Apache Flume Sequence Generator source

In this article will study how to fetch data from Sequence generator source.

Introduction

Sequence generator is a source which generates the events (represents some message, token, count, pattern, and value) continuously, here counter is maintained to store events it starts from 0 and increment by 1.

Usage

* It is used for testing and debugging purpose.

* It generates a huge of data very quickly comapre to the NetCat source.

* Sequence generator reduce the frequency of data compare to all other sources, so its a better choice in Flume to receive the huge data.

Software Requirements

* A machine with Linux operating system.

* Apache hadoop should be installed (https://hadoop.apache.org/docs/stable/hadoop-project-dist/hadoop-common/SingleCluster.html)

* Apache Flume should be installed (http://flume.apache.org/FlumeUserGuide.html)

Example

In this example will see how to fetch data from Sequence generator, let us consider,

Source: Sequence Generator

Sink: HDFS

Channel: Memory

Step 1:Change the directory to /user/local/hadoop/hduser.

$ cd /user/local/hadoop/hduser

Step 2:Start all hadoop daemons.

$ start-all.sh

Step 3:Let’s check JVM (java virtual machine) status.

$ jps

Step 4:Change the directory to /usr/local/flume

$ cd $FLUME_HOME

Step 5:Configuration of  seq_gen.conf File.

Here we are configuring “seq_gen.conf” file, copy this into flume folder.
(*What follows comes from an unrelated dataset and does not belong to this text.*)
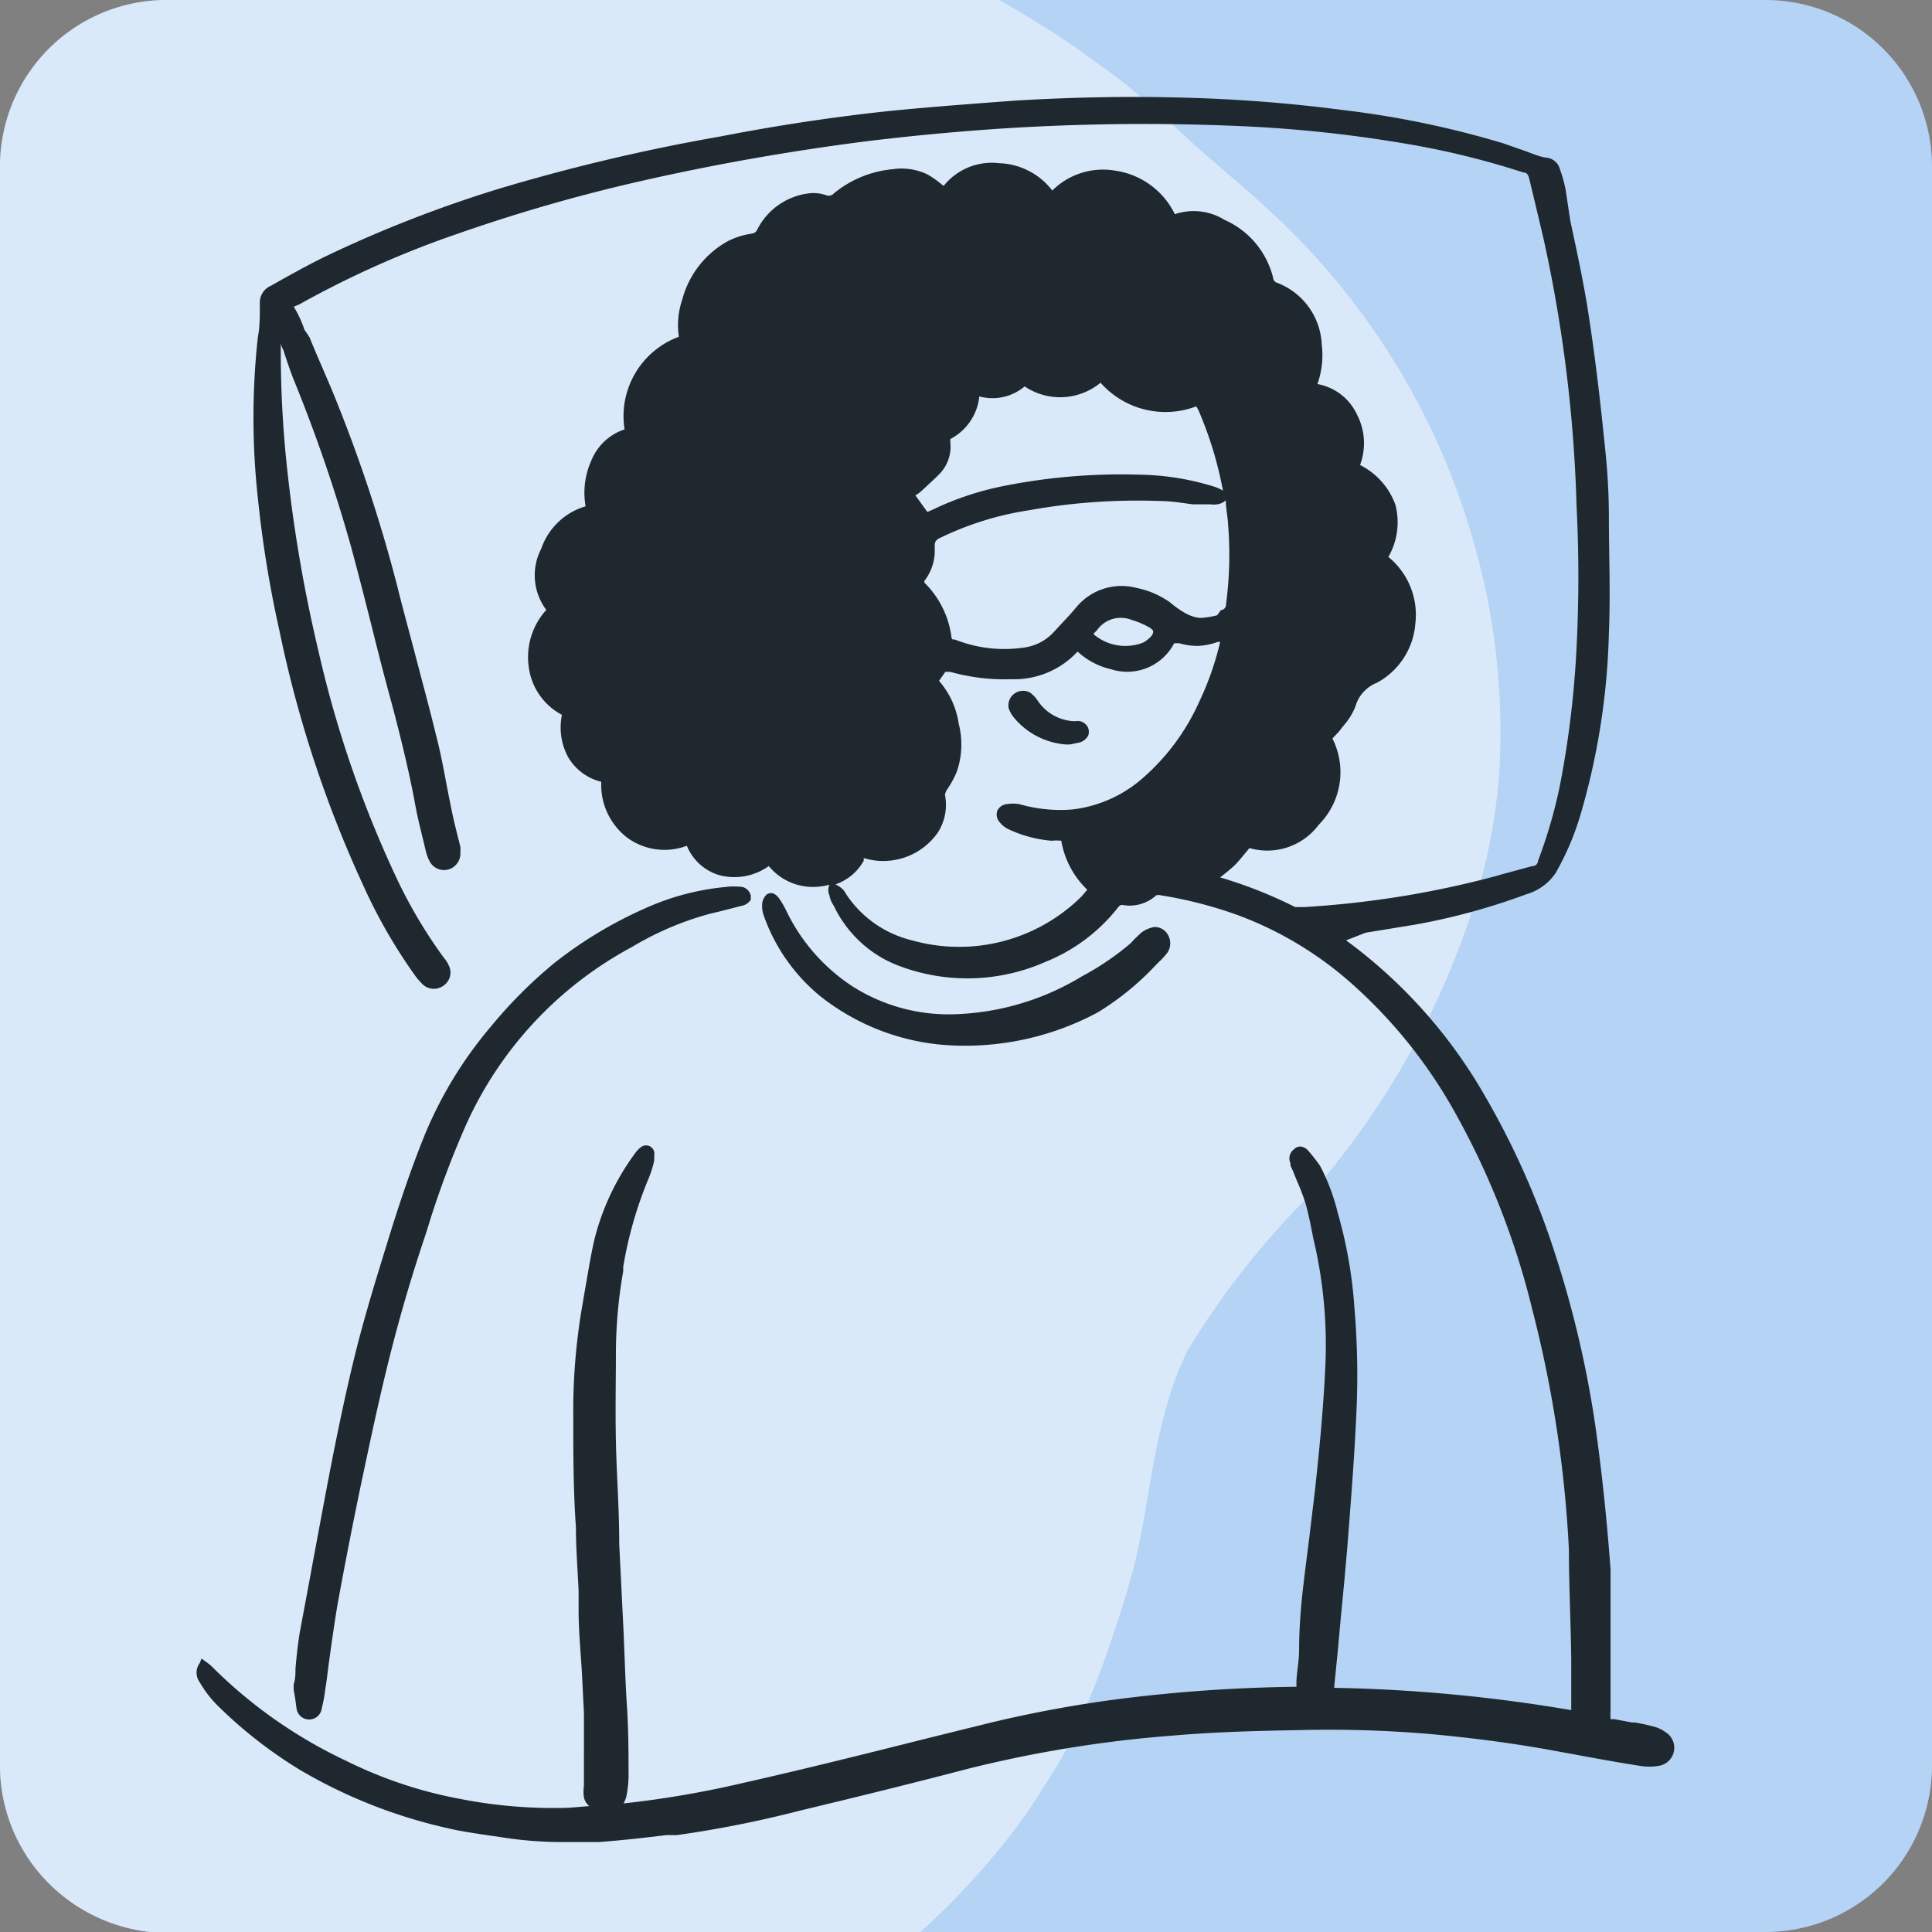 <svg id="MN_Sleeper_Type_Icons" data-name="MN Sleeper Type Icons" xmlns="http://www.w3.org/2000/svg" viewBox="0 0 58 58"><rect x="0" y="0" width="58" height="58" fill="#808080" stroke="none"/><defs><style>.cls-1{fill:#b5d3f5;}.cls-2{fill:#fff;opacity:0.5;}.cls-3{fill:#1f282e;}</style></defs><g id="Back_Sleepers" data-name="Back Sleepers"><path id="Background" class="cls-1" d="M58,5V53a5,5,0,0,1-5,5H5l-.49,0A5.08,5.08,0,0,1,1.7,56.76,5,5,0,0,1,0,53V5A5,5,0,0,1,5,0H53A5,5,0,0,1,58,5Z"/><path id="Background_Accent" data-name="Background Accent" class="cls-2" d="M45,23.33a18.11,18.11,0,0,1-.87,4.21c-.11.32-.22.63-.34.94-.17.46-.36.91-.56,1.35a24.68,24.68,0,0,1-3.95,6.09,24.59,24.59,0,0,0-3.61,4.59c-1,2-1.09,4.21-1.58,6.32-.06.23-.12.47-.19.71s-.21.73-.34,1.1a29,29,0,0,1-1.22,3.21,13.17,13.17,0,0,1-1,1.78,15.06,15.06,0,0,1-.89,1.31A22.9,22.9,0,0,1,28,57.66l-.37.34H5l-.49,0A5.08,5.08,0,0,1,1.7,56.76,5,5,0,0,1,0,53V5A5,5,0,0,1,5,0H30c.86.5,1.7,1,2.53,1.6l.78.56c.32.24.64.49.95.76s.81.69,1.2,1.06c.8.76,1.67,1.44,2.48,2.19a21.39,21.39,0,0,1,6.27,10A20.54,20.54,0,0,1,45,23.33Z"/><g id="Sleeper_Illustration" data-name="Sleeper Illustration"><path class="cls-3" d="M50,52a1,1,0,0,0-.37-.17,5.05,5.05,0,0,0-.56-.12l-.08,0-.53-.1-.11,0v0a1.61,1.61,0,0,1,0-.22c0-1.53,0-2.92,0-4.27-.12-1.62-.27-3-.46-4.34a31.25,31.25,0,0,0-1.18-5.06,24,24,0,0,0-2.12-4.8,15.07,15.07,0,0,0-4.18-4.69L41,28l1.47-.24a19.3,19.3,0,0,0,3.34-.91,1.59,1.59,0,0,0,.89-.64,8.17,8.17,0,0,0,.75-1.76A21.12,21.12,0,0,0,48.3,19c.05-1.18,0-2.38,0-3.41s-.07-1.73-.15-2.48c-.12-1.17-.28-2.55-.5-3.92-.14-.86-.33-1.73-.51-2.57L47,5.69a4.24,4.24,0,0,0-.17-.61v0a.47.47,0,0,0-.43-.35,1.54,1.54,0,0,1-.27-.07l-.38-.14-.63-.22a28.27,28.27,0,0,0-4.83-1,45.73,45.73,0,0,0-4.81-.37c-1.83-.05-3.47,0-5,.09-1.34.1-2.55.19-3.76.31-1.7.18-3.42.44-5.11.77A57.9,57.9,0,0,0,15,5.66a37.68,37.68,0,0,0-5.15,2c-.42.2-.84.43-1.24.65l-.48.27a.55.55,0,0,0-.33.47v.16c0,.3,0,.62-.06.92a22.17,22.17,0,0,0,0,4.81,34,34,0,0,0,.65,4,35.21,35.21,0,0,0,2.51,7.63,15.88,15.88,0,0,0,1.57,2.73,2,2,0,0,0,.24.27.49.49,0,0,0,.63,0,.47.47,0,0,0,.14-.57.9.9,0,0,0-.15-.24A14.76,14.76,0,0,1,12,26.56,33.43,33.43,0,0,1,9.55,19.5a43.42,43.42,0,0,1-.92-5.34,32.6,32.6,0,0,1-.2-3.87c0,.08.05.16.08.23.09.28.19.58.3.86a46.88,46.88,0,0,1,1.72,5c.24.89.47,1.79.69,2.67s.37,1.45.57,2.18c.28,1.07.49,1.95.65,2.79.07.41.17.82.27,1.22l.08.34a1.34,1.34,0,0,0,.12.3.49.49,0,0,0,.56.22.5.5,0,0,0,.35-.52.76.76,0,0,0,0-.16l-.09-.36c-.06-.24-.12-.48-.17-.73s-.11-.54-.16-.81c-.09-.48-.19-1-.31-1.45-.19-.79-.41-1.59-.61-2.36s-.37-1.37-.54-2.06a45,45,0,0,0-2-6l-.27-.63c-.13-.3-.26-.6-.38-.9L9.14,9.9a3.3,3.3,0,0,0-.32-.69L9,9.13A29,29,0,0,1,13.79,7a50.39,50.39,0,0,1,5.61-1.6c2.13-.48,4.35-.87,6.62-1.16,1.48-.18,3-.32,4.53-.41,2.12-.12,4.23-.14,6.29-.06a39.9,39.9,0,0,1,5.28.53,24.63,24.63,0,0,1,3.62.88c.11,0,.14.08.17.19l.24,1,.18.76a42.67,42.67,0,0,1,1,8.07,42,42,0,0,1,0,4.23,29.3,29.3,0,0,1-.5,4.15,14.78,14.78,0,0,1-.66,2.27A.16.16,0,0,1,46,26l-.92.25-.17.05a28.79,28.79,0,0,1-5.75.93l-.22,0-.06,0a13.53,13.53,0,0,0-2.25-.89h0c.14-.11.28-.22.41-.34s.25-.28.37-.42l.1-.12a1.93,1.93,0,0,0,2.08-.7A2.24,2.24,0,0,0,40,22.17l0,0,.19-.2.14-.18a1.94,1.94,0,0,0,.36-.58,1.08,1.08,0,0,1,.64-.71,2.21,2.21,0,0,0,1.16-1.78,2.24,2.24,0,0,0-.81-2l0,0a2.09,2.09,0,0,0,.21-1.57,2.16,2.16,0,0,0-1.06-1.19,1.87,1.87,0,0,0-.1-1.53,1.62,1.62,0,0,0-1.18-.9,2.62,2.62,0,0,0,.13-1.19,2.08,2.08,0,0,0-1.34-1.85.17.17,0,0,1-.12-.15A2.57,2.57,0,0,0,36.76,6.6a1.76,1.76,0,0,0-1.49-.17,2.37,2.37,0,0,0-1.81-1.31,2.16,2.16,0,0,0-1.87.6A2.09,2.09,0,0,0,30,4.9a1.85,1.85,0,0,0-1.67.68l-.08-.06a2.86,2.86,0,0,0-.4-.28,1.79,1.79,0,0,0-1.05-.16,3.24,3.24,0,0,0-1.76.72.21.21,0,0,1-.24.06,1.13,1.13,0,0,0-.47-.06,2,2,0,0,0-1.59,1.08c-.05.1-.09.12-.21.14a2.25,2.25,0,0,0-.68.22A2.83,2.83,0,0,0,20.48,9a2.36,2.36,0,0,0-.1,1.11,2.54,2.54,0,0,0-1.63,2.78,1.63,1.63,0,0,0-1,.94,2.36,2.36,0,0,0-.17,1.37,2,2,0,0,0-1.33,1.27,1.73,1.73,0,0,0,.15,1.84A2.11,2.11,0,0,0,15.87,20a1.9,1.9,0,0,0,1,1.46,1.87,1.87,0,0,0,.18,1.26,1.59,1.59,0,0,0,1,.75,2,2,0,0,0,.77,1.67,1.89,1.89,0,0,0,1.8.25,1.51,1.51,0,0,0,1,.89A1.78,1.78,0,0,0,23.08,26a1.71,1.71,0,0,0,1.47.62,1.82,1.82,0,0,0,.35-.06.4.4,0,0,0,0,.32.82.82,0,0,0,.06.19l.09.16a3.07,3.07,0,0,0,.27.46A3.53,3.53,0,0,0,27,29a5.8,5.8,0,0,0,4.4-.13,5.25,5.25,0,0,0,2.15-1.61c.07-.09.1-.1.16-.09a1.19,1.19,0,0,0,1-.29.26.26,0,0,1,.15,0,12.67,12.67,0,0,1,2.32.6,10.8,10.8,0,0,1,3.49,2.13,14.8,14.8,0,0,1,3.05,3.86A23.43,23.43,0,0,1,46,39.31a35.89,35.89,0,0,1,1.1,7.22c0,1.11.06,2.24.07,3.33,0,.48,0,1,0,1.43a.43.43,0,0,0,0,.05,47.07,47.07,0,0,0-7.12-.67l.11-1.09.09-1c.07-.71.14-1.45.2-2.17.1-1.28.21-2.65.27-4a24,24,0,0,0-.06-3.16,13.58,13.58,0,0,0-.5-2.84A6.16,6.16,0,0,0,39.63,35a5.63,5.63,0,0,0-.36-.46l0,0a.35.35,0,0,0-.22-.12.26.26,0,0,0-.2.08.34.34,0,0,0-.11.42l0,.07.07.15.12.3a6.09,6.09,0,0,1,.27.71c.09.33.16.68.22,1l.06.26a13.83,13.83,0,0,1,.31,3.55c-.06,1.37-.2,2.73-.31,3.75l-.18,1.5c-.07.54-.14,1.09-.2,1.63S39,49,39,49.53c0,.31-.06.61-.08.92l0,.19h-.12a46.55,46.55,0,0,0-4.84.32,36.77,36.77,0,0,0-4.28.77l-1.9.47c-1.79.45-3.63.91-5.45,1.32a29.74,29.74,0,0,1-3.61.62,1.08,1.08,0,0,0,.08-.19,3.54,3.54,0,0,0,.07-.58c0-.66,0-1.42-.05-2.17s-.07-1.61-.11-2.42l-.12-2.42c0-1.1-.08-2.09-.1-3.09s0-1.82,0-2.7a14.4,14.4,0,0,1,.22-2.41l0-.13a12,12,0,0,1,.74-2.6,3.12,3.12,0,0,0,.19-.59l0-.15a.25.25,0,0,0-.4-.25.79.79,0,0,0-.18.19,7.37,7.37,0,0,0-1.22,2.6c-.11.48-.19,1-.27,1.44l-.09.53a18.45,18.45,0,0,0-.27,3.28c0,1.11,0,2.25.08,3.38,0,.63.05,1.26.08,1.89l0,.58c0,.72.08,1.43.11,2.1l.05,1V53.6a1.28,1.28,0,0,0,0,.36.48.48,0,0,0,.16.26l-.61.05A14.5,14.5,0,0,1,13.79,54a13,13,0,0,1-3.4-1.14,14.3,14.3,0,0,1-4-2.8.93.93,0,0,0-.15-.13l-.19-.14L6,49.92a.49.49,0,0,0,0,.59,3.36,3.36,0,0,0,.49.65,13.49,13.49,0,0,0,2.56,2,15.31,15.31,0,0,0,4.42,1.73c.33.08.68.13,1,.18l.55.08a11.7,11.7,0,0,0,1.9.15c.34,0,.69,0,1.05,0,.69-.05,1.38-.13,2.05-.21l.31,0A33.33,33.33,0,0,0,24,54.36c1.84-.44,3.49-.85,5.06-1.26a37,37,0,0,1,6.19-1c1.28-.11,2.59-.14,3.71-.16a35.69,35.69,0,0,1,4.12.13c1.37.13,2.58.3,3.7.51.77.14,1.6.3,2.44.43a1.71,1.71,0,0,0,.59,0A.55.55,0,0,0,50,52ZM32.85,19a.71.71,0,0,0,.12-.13.87.87,0,0,1,1-.26,2.35,2.35,0,0,1,.54.23s.1.06.11.11a.22.22,0,0,1-.06.15.92.92,0,0,1-.24.19,1.47,1.47,0,0,1-1.49-.25l0,0Zm3.69-.53a2.35,2.35,0,0,1-.51.08,1.08,1.08,0,0,1-.44-.14,2.82,2.82,0,0,1-.36-.24l-.11-.09a2.62,2.62,0,0,0-1-.43,1.76,1.76,0,0,0-1.8.57c-.14.17-.29.33-.44.49l-.26.28a1.47,1.47,0,0,1-.88.45,4,4,0,0,1-2.07-.24c-.08,0-.1,0-.11-.1a2.79,2.79,0,0,0-.81-1.61l0-.05a1.48,1.48,0,0,0,.31-1c0-.16,0-.22.2-.31a9.31,9.31,0,0,1,2.62-.81,18.42,18.42,0,0,1,3.92-.28c.35,0,.7.06,1,.1l.44,0h.1a.64.64,0,0,0,.2,0,.47.47,0,0,0,.26-.12c0,.25.06.5.07.75a11.24,11.24,0,0,1-.06,2.34c0,.15-.07.19-.16.21Zm.22-3.71a1.2,1.2,0,0,0-.34-.16,7.92,7.92,0,0,0-2.2-.35,18.06,18.06,0,0,0-4.14.35,8.93,8.93,0,0,0-2.08.7l-.16.07-.36-.5a.91.91,0,0,0,.16-.11l.12-.11c.16-.15.33-.3.48-.46a1.17,1.17,0,0,0,.29-.9c0-.08,0-.09,0-.11a1.63,1.63,0,0,0,.87-1.28v0a1.49,1.49,0,0,0,1.36-.3,1.91,1.91,0,0,0,2.28-.11,2.6,2.6,0,0,0,2.87.71.75.75,0,0,1,.07.12,11.22,11.22,0,0,1,.75,2.5Zm-10.83,11A2,2,0,0,0,28.15,25a1.54,1.54,0,0,0,.22-1.13s0-.08.07-.18a2.77,2.77,0,0,0,.29-.54,2.52,2.52,0,0,0,.05-1.43,2.5,2.5,0,0,0-.59-1.28l.19-.27h0l.15,0a6,6,0,0,0,1.82.22,2.59,2.59,0,0,0,2-.83,2.19,2.19,0,0,0,1,.53,1.59,1.59,0,0,0,1.9-.78l.15,0a1.93,1.93,0,0,0,.58.08,2,2,0,0,0,.58-.12l.07,0A8.84,8.84,0,0,1,36,21.07a6.63,6.63,0,0,1-1.8,2.38,3.89,3.89,0,0,1-2,.85,4.41,4.41,0,0,1-1.6-.16,1.2,1.2,0,0,0-.38,0,.35.35,0,0,0-.28.2.34.34,0,0,0,.06.33.76.76,0,0,0,.31.24,3.78,3.78,0,0,0,1.26.33,1.43,1.43,0,0,1,.29,0h0a2.66,2.66,0,0,0,.78,1.47l0,0c-.07.08-.12.15-.19.22a5.22,5.22,0,0,1-5.07,1.3,3.3,3.3,0,0,1-2-1.42l0,0a.42.42,0,0,0-.11-.14.76.76,0,0,0-.19-.12A1.54,1.54,0,0,0,25.93,25.84Z"/><path class="cls-3" d="M8.9,51.27a.38.38,0,0,0,.38.35h0a.38.38,0,0,0,.38-.34,4,4,0,0,0,.1-.53c.05-.3.08-.59.12-.88.08-.57.16-1.16.26-1.74.23-1.26.48-2.54.77-3.91s.56-2.62.89-3.89.67-2.36,1-3.34l.12-.39a28.38,28.38,0,0,1,1-2.67,11.33,11.33,0,0,1,5.05-5.5,9.21,9.21,0,0,1,2.35-1c.35-.08.68-.17,1-.25a.43.43,0,0,0,.22-.17l0-.07,0-.05a.35.35,0,0,0-.24-.26,2,2,0,0,0-.54,0,7.59,7.59,0,0,0-2.44.66,12.63,12.63,0,0,0-2.69,1.63,13.77,13.77,0,0,0-1.87,1.87A12.29,12.29,0,0,0,12.78,34c-.41,1-.78,2.08-1.21,3.49l-.12.39c-.28.91-.56,1.85-.79,2.78-.29,1.18-.56,2.47-.85,4S9.27,47.57,9,49v0c-.06.37-.1.74-.13,1.1,0,.15,0,.3-.05.45h0v0a1.49,1.49,0,0,0,0,.21C8.87,51,8.88,51.14,8.9,51.27Z"/><path class="cls-3" d="M24.63,29.91a6.87,6.87,0,0,0,4.1,1.48h0a8.42,8.42,0,0,0,4.23-1,8.29,8.29,0,0,0,1.74-1.42l.09-.09a2,2,0,0,0,.27-.3.51.51,0,0,0,0-.52.45.45,0,0,0-.41-.23.91.91,0,0,0-.39.17l-.2.19-.11.12a8.11,8.11,0,0,1-1.47,1l0,0a7.81,7.81,0,0,1-3.64,1.13,5.39,5.39,0,0,1-3.25-.83,5.62,5.62,0,0,1-2-2.3,2.84,2.84,0,0,0-.18-.31c-.13-.19-.26-.23-.39-.15a.43.43,0,0,0-.14.34.76.76,0,0,0,.05.3A5.48,5.48,0,0,0,24.63,29.91Z"/><path class="cls-3" d="M32,22.35h0l.12,0,.29-.06a.43.43,0,0,0,.26-.21.34.34,0,0,0,0-.22.34.34,0,0,0-.38-.21h-.07A1.39,1.39,0,0,1,31.13,21a1,1,0,0,0-.21-.21.44.44,0,0,0-.64.47.94.94,0,0,0,.14.26A2.25,2.25,0,0,0,32,22.35Z"/></g></g></svg>

# Naming the components on the current agent

SeqGenAgent.sources = SeqSource

SeqGenAgent.channels = MemChannel

SeqGenAgent.sinks = HDFS

# Describing/Configuring the source

SeqGenAgent.sources.SeqSource.type = seq

# Describing/Configuring the sink

SeqGenAgent.sinks.HDFS.type = hdfs

SeqGenAgent.sinks.HDFS.hdfs.path = hdfs://localhost:9000/user/hduser/flumedata/seqgen_data/

SeqGenAgent.sinks.HDFS.hdfs.filePrefix = log

SeqGenAgent.sinks.HDFS.hdfs.rollInterval = 0

SeqGenAgent.sinks.HDFS.hdfs.rollCount = 10000

SeqGenAgent.sinks.HDFS.hdfs.fileType = DataStream

# Describing/Configuring the channel

SeqGenAgent.channels.MemChannel.type = memory

SeqGenAgent.channels.MemChannel.capacity = 1000

SeqGenAgent.channels.MemChannel.transactionCapacity = 100

# Binding source and sink to the channel

SeqGenAgent.sources.SeqSource.channels = MemChannel

SeqGenAgent.sinks.HDFS.channel = MemChannel

Step 6: Execution

Here source called “Sequence Generator” starts generating sequence numbers which will be pushed into the HDFS in the form of log files.

   $ cd $FLUME_HOME

$./bin/flume-ng agent –conf $FLUME_CONF –conf-file $FLUME_CONF/seq_gen.conf

–name SeqGenAgent

Step 7: Verify in the HDFS

  $ hadoop fs -ls user/hduser/flumedata/seqgen_data/

“That’s all about the Apache Flume – Sequence Generator source, It is a best tool for testing,hope this will be useful”.